Qual è stato il vostro percorso prima di approdare qui, in alta Val Trompia? «Io e Simone ci siamo conosciuti all’Università della Montagna di Edolo, in Val Camonica, che è un distaccamento dell’Università di Agraria di Milano. Un ambiente a misura di studente grazie alle infrastrutture presenti, alla dimensione raccolta della cittadina, agli affitti a quel tempo ancora accessibili, alle montagne vicine dove praticare trekking e sport invernali.

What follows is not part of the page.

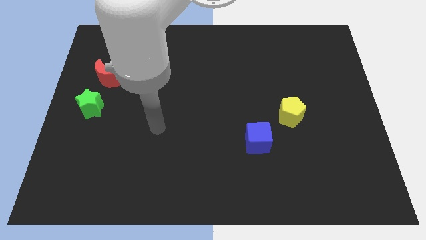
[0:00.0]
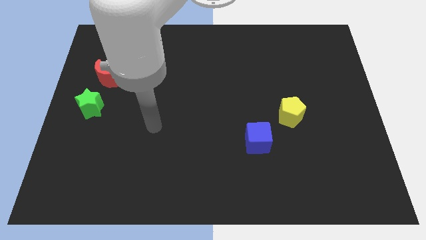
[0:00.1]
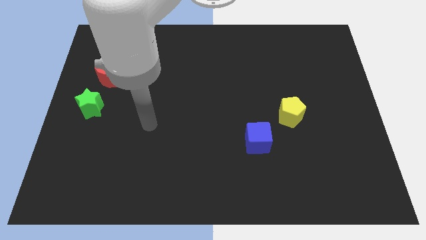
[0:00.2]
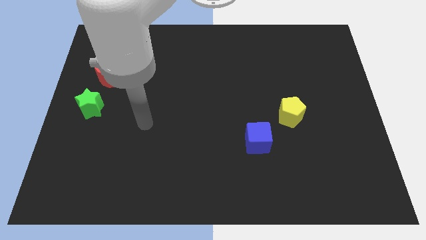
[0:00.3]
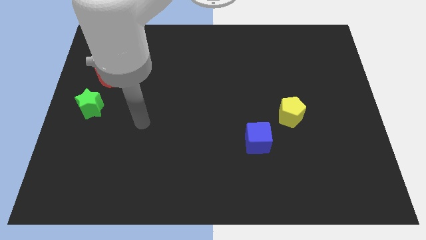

Sin dal secondo anno, quando eravamo poco più che ventenni, avevamo capito di convergere su idee molto simili e progettato l’idea di un’azienda agricola famigliare in un contesto montano. Già durante il corso di studi ci siamo messi a cercare, muovendoci dal Lago di Como all’Appennino, finché su un giornalino di annunci immobiliari abbiamo trovato questo sito sulle montagne di Bovegno, a soli 40 km da Brescia. Di toponimo fa Neguàl, è posto a 850 di quota su un versante rivolto a sud-ovest fronteggiante il Muffetto: ci colpì il fatto che al fabbricato fosse annesso molto terreno, una caratteristica che cercavamo, non facile da trovare in montagna dove il frazionamento fondiario è un fenomeno purtroppo molto frequente. Nel 2012 abbiamo finito l’università: io sono stata temporaneamente assunta come cassiera part-time, mentre Simone ha trascorso l’inverno in Appennino a fare il boscaiolo, per poi trovare un lavoro a tempo indeterminato come carropontista presso il termovalorizzatore di Brescia. All’inizio ce la siamo cavata così, salendo a fare i primi lavori non appena trovavamo mezza giornata libera. Grazie al lavoro fisso di Simone abbiamo avuto accesso a un mutuo per la sistemazione del rustico in abitazione e laboratorio di trasformazione dei nostri prodotti e per realizzare i terrazzamenti su cui trapiantare le piante da frutto. Ci siamo allacciati all’acquedotto, abbiamo realizzato una tettoia che funge da deposito attrezzi, ci siamo dotati di caldaia a legna e di pannelli solari termici per l’estate. L’unico cruccio logistico è la strada agro-silvo-pastorale che nessuno pulisce dalla neve». L’azienda ha aperto i battenti nel 2012. Stefania e Simone hanno scelto varietà di frutta da portainnesti lenti nella messa a frutto, ma che dopo i primi due o tre anni improduttivi si rivelano più durevoli e resistenti. Ecologica e rispettosa del suolo è stata la tecnica di preparazione della zona di coltivazione.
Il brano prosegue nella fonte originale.